Effect of Laparoscopic-Assisted Resection vs Open Resection of Stage II or III Rectal Cancer on Pathologic Outcomes: The ACOSOG Z6051 Randomized Clinical Trial.

Author information

1
Baylor University Medical Center, Dallas, Texas.
2
Alliance Statistics and Data Center, Mayo Clinic, Rochester, Minnesota.
3
Northwestern University, Feinberg School of Medicine, Chicago, Illinois.
4
Indiana University School of Medicine, Indianapolis.
5
Cleveland Clinic Abu Dhabi, Abu Dhabi, United Arab Emirates.
6
Boone Hospital Center, Columbia, Missouri.
7
Franciscan St. Francis Health, Indianapolis, Indiana.
8
MD Anderson Cancer Center, Houston, Texas.
9
Vanderbilt University School of Medicine, Nashville, Tennessee.
10
University of Chicago, Chicago, Illinois.
11
Washington University, St Louis, Missouri.
12
Cleveland Clinic-Weston, Weston, Florida.
13
The Oregon Clinic, Oregon Health & Science University, Portland.
14
Lankenau Hospital, Wynnewood, Pennsylvania.
15
Ochsner Clinic, New Orleans, Louisiana.
16
Lahey Clinic, Burlington, Massachusetts.
17
University of Rochester, Rochester, New York.
18
Stanford University, Palo Alto, California.
19
Mayo Clinic.

Abstract

IMPORTANCE:

Evidence about the efficacy of laparoscopic resection of rectal cancer is incomplete, particularly for patients with more advanced-stage disease.

OBJECTIVE:

To determine whether laparoscopic resection is noninferior to open resection, as determined by gross pathologic and histologic evaluation of the resected proctectomy specimen.
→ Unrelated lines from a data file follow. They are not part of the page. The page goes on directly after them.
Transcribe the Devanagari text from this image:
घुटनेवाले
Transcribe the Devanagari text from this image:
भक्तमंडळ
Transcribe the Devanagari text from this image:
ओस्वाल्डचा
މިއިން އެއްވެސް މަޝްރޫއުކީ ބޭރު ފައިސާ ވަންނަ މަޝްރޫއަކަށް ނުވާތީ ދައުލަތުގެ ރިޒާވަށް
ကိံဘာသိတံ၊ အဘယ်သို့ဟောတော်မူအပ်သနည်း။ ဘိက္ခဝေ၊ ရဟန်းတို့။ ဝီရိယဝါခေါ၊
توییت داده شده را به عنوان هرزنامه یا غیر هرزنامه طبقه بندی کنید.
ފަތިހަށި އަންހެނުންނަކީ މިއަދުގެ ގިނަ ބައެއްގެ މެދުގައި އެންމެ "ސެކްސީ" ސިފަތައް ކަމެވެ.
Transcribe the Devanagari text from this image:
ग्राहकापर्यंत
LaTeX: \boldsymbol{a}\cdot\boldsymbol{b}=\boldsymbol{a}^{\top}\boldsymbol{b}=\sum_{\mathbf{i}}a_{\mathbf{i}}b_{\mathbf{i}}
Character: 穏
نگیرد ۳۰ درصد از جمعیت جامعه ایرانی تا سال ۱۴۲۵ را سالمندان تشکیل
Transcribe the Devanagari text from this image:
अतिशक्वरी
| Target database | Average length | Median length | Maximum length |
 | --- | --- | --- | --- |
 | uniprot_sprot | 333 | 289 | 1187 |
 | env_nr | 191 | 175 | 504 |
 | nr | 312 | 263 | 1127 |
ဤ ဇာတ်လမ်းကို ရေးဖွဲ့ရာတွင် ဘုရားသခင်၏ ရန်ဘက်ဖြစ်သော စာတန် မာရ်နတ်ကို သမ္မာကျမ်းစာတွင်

DESIGN, SETTING, AND PARTICIPANTS:

A multicenter, balanced, noninferiority, randomized trial enrolled patients between October 2008 and September 2013. The trial was conducted by credentialed surgeons from 35 institutions in the United States and Canada. A total of 486 patients with clinical stage II or III rectal cancer within 12 cm of the anal verge were randomized after completion of neoadjuvant therapy to laparoscopic or open resection.

INTERVENTIONS:

Standard laparoscopic and open approaches were performed by the credentialed surgeons.
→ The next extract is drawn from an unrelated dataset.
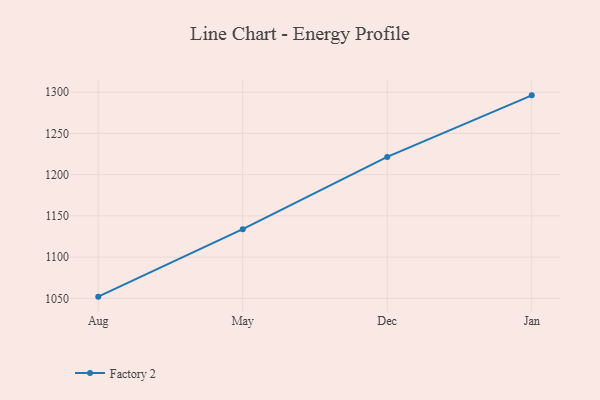
{"axis": {"x": "Month", "y": "Backlog"}, "legend": ["Factory 2"], "data": [{"x": "Aug", "y": 1052.0, "type": "Factory 2"}, {"x": "May", "y": 1133.9, "type": "Factory 2"}, {"x": "Dec", "y": 1221.5, "type": "Factory 2"}, {"x": "Jan", "y": 1296.2, "type": "Factory 2"}]}

MAIN OUTCOMES AND MEASURES:

The primary outcome assessing efficacy was a composite of circumferential radial margin greater than 1 mm, distal margin without tumor, and completeness of total mesorectal excision. A 6% noninferiority margin was chosen according to clinical relevance estimation.

RESULTS:

Two hundred forty patients with laparoscopic resection and 222 with open resection were evaluable for analysis of the 486 enrolled. Successful resection occurred in 81.7% of laparoscopic resection cases (95% CI, 76.8%-86.6%) and 86.9% of open resection cases (95% CI, 82.5%-91.4%) and did not support noninferiority (difference, -5.3%; 1-sided 95% CI, -10.8% to ∞; P for noninferiority = .41). Patients underwent low anterior resection (76.7%) or abdominoperineal resection (23.3%). Conversion to open resection occurred in 11.3% of patients. Operative time was significantly longer for laparoscopic resection (mean, 266.2 vs 220.6 minutes; mean difference, 45.5 minutes; 95% CI, 27.7-63.4; P < .001). Length of stay (7.3 vs 7.0 days; mean difference, 0.3 days; 95% CI, -0.6 to 1.1), readmission within 30 days (3.3% vs 4.1%; difference, -0.7%; 95% CI, -4.2% to 2.7%), and severe complications (22.5% vs 22.1%; difference, 0.4%; 95% CI, -4.2% to 2.7%) did not differ significantly. Quality of the total mesorectal excision specimen in 462 operated and analyzed surgeries was complete (77%) and nearly complete (16.5%) in 93.5% of the cases. Negative circumferential radial margin was observed in 90% of the overall group (87.9% laparoscopic resection and 92.3% open resection; P = .11). Distal margin result was negative in more than 98% of patients irrespective of type of surgery (P = .91).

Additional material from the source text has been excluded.